Dataset excerpts:
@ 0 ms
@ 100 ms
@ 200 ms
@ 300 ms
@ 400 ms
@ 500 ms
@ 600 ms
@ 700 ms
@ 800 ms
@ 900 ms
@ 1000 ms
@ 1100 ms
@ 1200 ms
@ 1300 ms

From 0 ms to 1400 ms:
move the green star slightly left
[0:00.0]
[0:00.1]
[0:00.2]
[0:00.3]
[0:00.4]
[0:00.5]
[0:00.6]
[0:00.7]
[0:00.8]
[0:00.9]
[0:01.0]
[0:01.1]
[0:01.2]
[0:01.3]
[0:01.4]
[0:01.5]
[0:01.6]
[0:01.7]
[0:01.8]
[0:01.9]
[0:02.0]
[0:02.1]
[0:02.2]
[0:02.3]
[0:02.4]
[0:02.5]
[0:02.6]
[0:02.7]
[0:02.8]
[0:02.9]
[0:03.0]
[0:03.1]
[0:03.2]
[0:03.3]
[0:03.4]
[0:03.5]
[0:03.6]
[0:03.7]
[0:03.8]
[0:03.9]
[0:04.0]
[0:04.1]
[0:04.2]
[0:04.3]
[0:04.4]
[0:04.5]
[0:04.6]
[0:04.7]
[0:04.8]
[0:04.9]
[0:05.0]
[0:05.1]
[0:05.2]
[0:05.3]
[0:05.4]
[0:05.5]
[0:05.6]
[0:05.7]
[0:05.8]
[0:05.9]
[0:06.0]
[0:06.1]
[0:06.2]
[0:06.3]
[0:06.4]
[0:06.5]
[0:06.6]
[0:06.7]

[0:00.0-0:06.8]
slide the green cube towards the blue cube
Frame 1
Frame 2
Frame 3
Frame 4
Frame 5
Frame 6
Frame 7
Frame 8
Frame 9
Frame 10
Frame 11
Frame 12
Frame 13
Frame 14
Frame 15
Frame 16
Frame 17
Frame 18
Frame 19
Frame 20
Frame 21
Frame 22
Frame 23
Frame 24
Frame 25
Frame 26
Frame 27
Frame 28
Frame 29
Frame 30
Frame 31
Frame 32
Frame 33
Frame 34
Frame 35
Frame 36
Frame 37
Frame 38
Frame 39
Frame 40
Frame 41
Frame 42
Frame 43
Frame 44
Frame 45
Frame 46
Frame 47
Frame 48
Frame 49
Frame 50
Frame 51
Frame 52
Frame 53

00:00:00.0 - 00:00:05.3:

Requirement:
Every line above should be output exactly as it stands.

Reply to the task:
@ 0 ms
@ 100 ms
@ 200 ms
@ 300 ms
@ 400 ms
@ 500 ms
@ 600 ms
@ 700 ms
@ 800 ms
@ 900 ms
@ 1000 ms
@ 1100 ms
@ 1200 ms
@ 1300 ms

From 0 ms to 1400 ms:
move the green star slightly left
[0:00.0]
[0:00.1]
[0:00.2]
[0:00.3]
[0:00.4]
[0:00.5]
[0:00.6]
[0:00.7]
[0:00.8]
[0:00.9]
[0:01.0]
[0:01.1]
[0:01.2]
[0:01.3]
[0:01.4]
[0:01.5]
[0:01.6]
[0:01.7]
[0:01.8]
[0:01.9]
[0:02.0]
[0:02.1]
[0:02.2]
[0:02.3]
[0:02.4]
[0:02.5]
[0:02.6]
[0:02.7]
[0:02.8]
[0:02.9]
[0:03.0]
[0:03.1]
[0:03.2]
[0:03.3]
[0:03.4]
[0:03.5]
[0:03.6]
[0:03.7]
[0:03.8]
[0:03.9]
[0:04.0]
[0:04.1]
[0:04.2]
[0:04.3]
[0:04.4]
[0:04.5]
[0:04.6]
[0:04.7]
[0:04.8]
[0:04.9]
[0:05.0]
[0:05.1]
[0:05.2]
[0:05.3]
[0:05.4]
[0:05.5]
[0:05.6]
[0:05.7]
[0:05.8]
[0:05.9]
[0:06.0]
[0:06.1]
[0:06.2]
[0:06.3]
[0:06.4]
[0:06.5]
[0:06.6]
[0:06.7]

[0:00.0-0:06.8]
slide the green cube towards the blue cube
Frame 1
Frame 2
Frame 3
Frame 4
Frame 5
Frame 6
Frame 7
Frame 8
Frame 9
Frame 10
Frame 11
Frame 12
Frame 13
Frame 14
Frame 15
Frame 16
Frame 17
Frame 18
Frame 19
Frame 20
Frame 21
Frame 22
Frame 23
Frame 24
Frame 25
Frame 26
Frame 27
Frame 28
Frame 29
Frame 30
Frame 31
Frame 32
Frame 33
Frame 34
Frame 35
Frame 36
Frame 37
Frame 38
Frame 39
Frame 40
Frame 41
Frame 42
Frame 43
Frame 44
Frame 45
Frame 46
Frame 47
Frame 48
Frame 49
Frame 50
Frame 51
Frame 52
Frame 53

00:00:00.0 - 00:00:05.3:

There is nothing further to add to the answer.